Data supplied: Begin

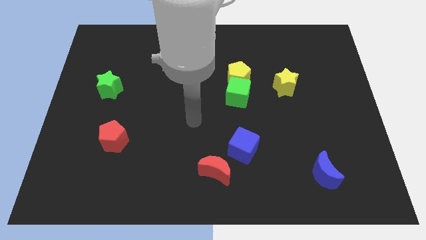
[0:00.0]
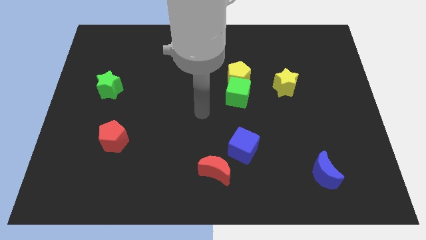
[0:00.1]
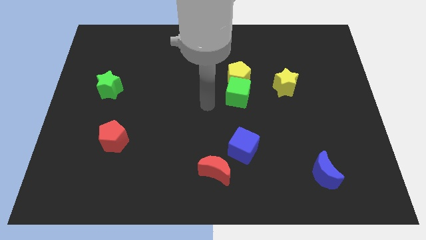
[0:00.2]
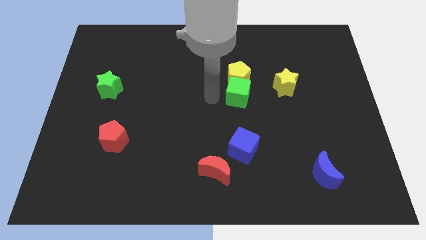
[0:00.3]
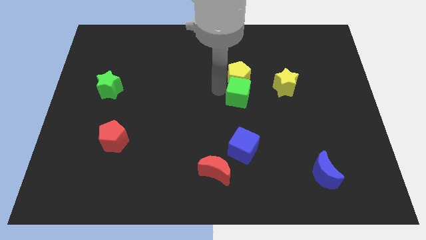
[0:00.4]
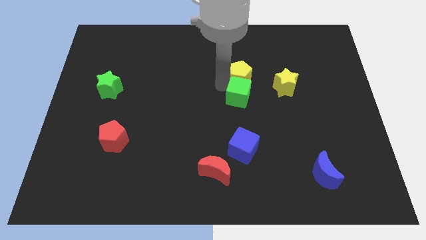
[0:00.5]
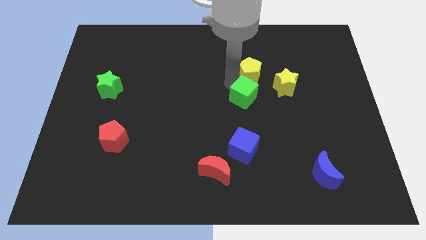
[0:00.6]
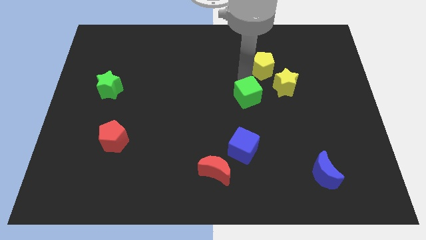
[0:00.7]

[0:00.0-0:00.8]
pull the green cube apart from the yellow pentagon

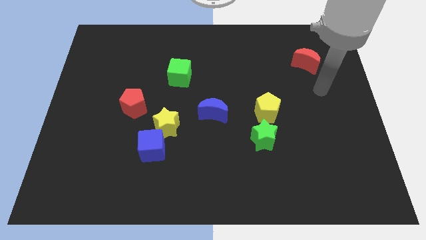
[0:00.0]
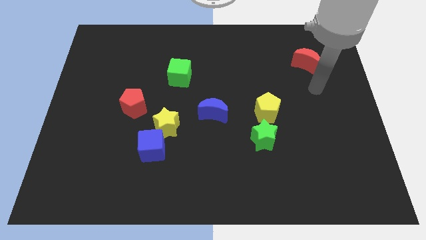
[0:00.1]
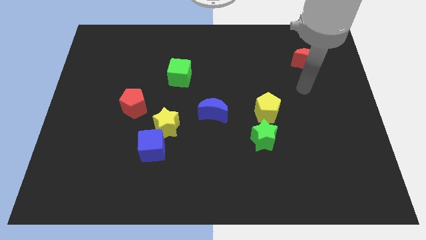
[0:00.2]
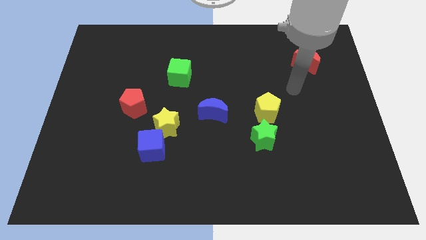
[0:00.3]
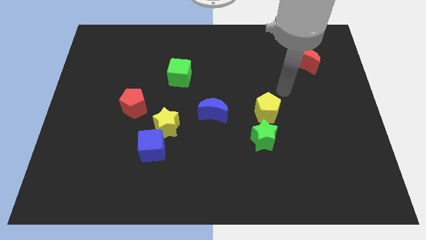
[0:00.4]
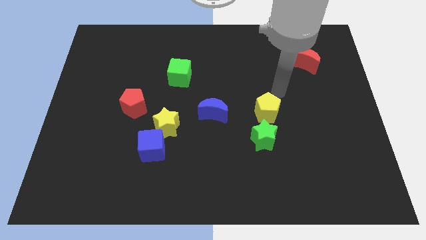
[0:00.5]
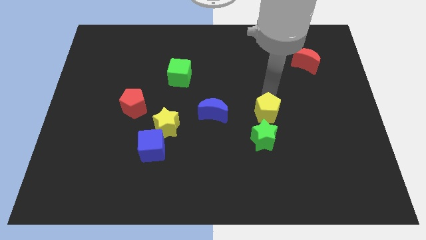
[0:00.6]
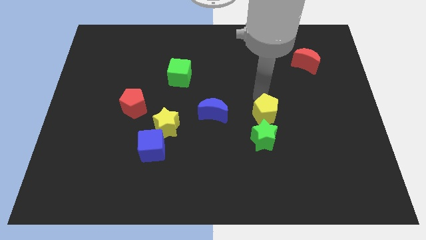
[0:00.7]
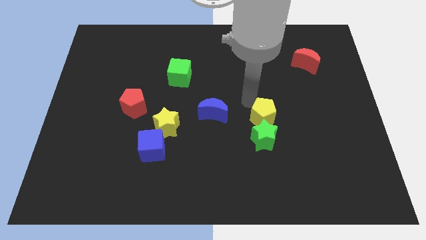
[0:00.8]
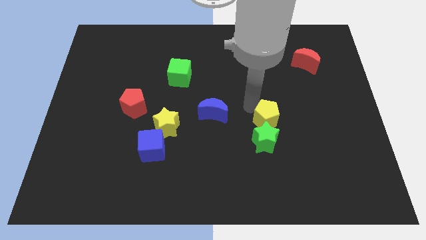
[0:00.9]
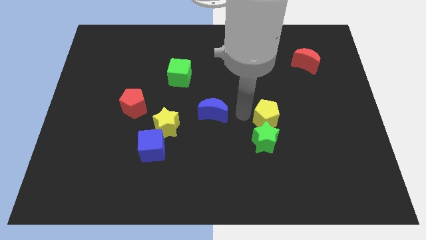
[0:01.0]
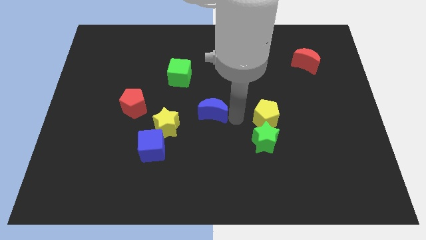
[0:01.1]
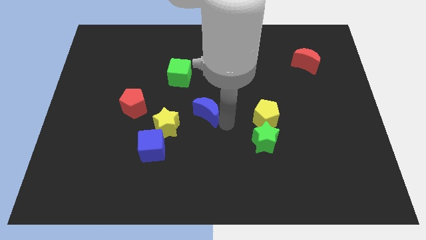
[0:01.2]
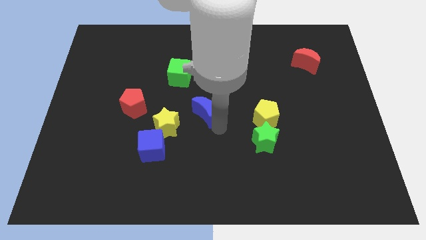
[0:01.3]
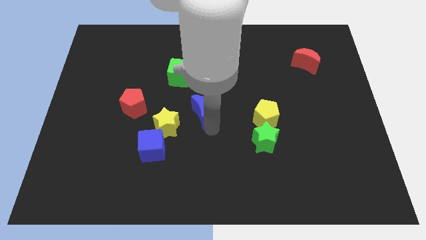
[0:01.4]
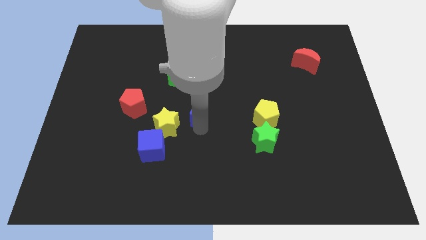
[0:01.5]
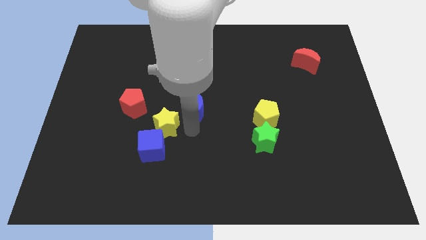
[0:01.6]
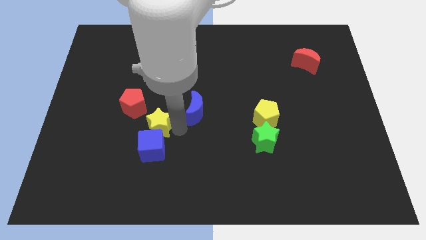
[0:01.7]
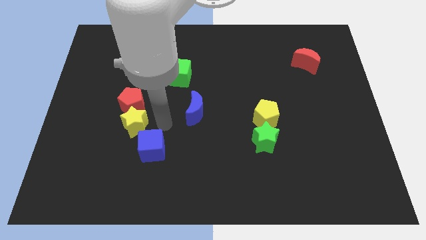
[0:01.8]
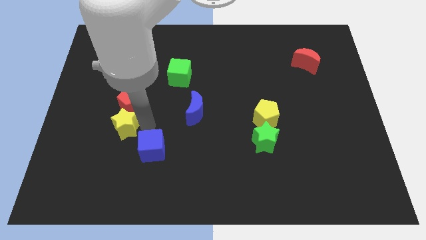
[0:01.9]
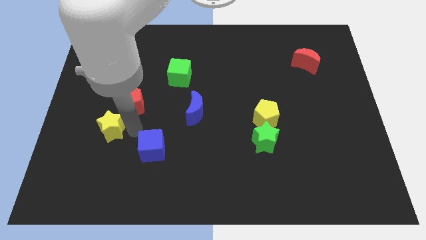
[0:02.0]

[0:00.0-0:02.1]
move the blue cube away from the yellow star

Data supplied: End

▶ **Your assignment**
Transcribe exactly the lines that go from the one holding "[0:00.0-0:00.8]" through the last line of the entries, both included, and nothing besides them. Do not include any pictures.

▶ **Answer to this exercise**
[0:00.0-0:00.8]
pull the green cube apart from the yellow pentagon

[0:00.0]
[0:00.1]
[0:00.2]
[0:00.3]
[0:00.4]
[0:00.5]
[0:00.6]
[0:00.7]
[0:00.8]
[0:00.9]
[0:01.0]
[0:01.1]
[0:01.2]
[0:01.3]
[0:01.4]
[0:01.5]
[0:01.6]
[0:01.7]
[0:01.8]
[0:01.9]
[0:02.0]

[0:00.0-0:02.1]
move the blue cube away from the yellow star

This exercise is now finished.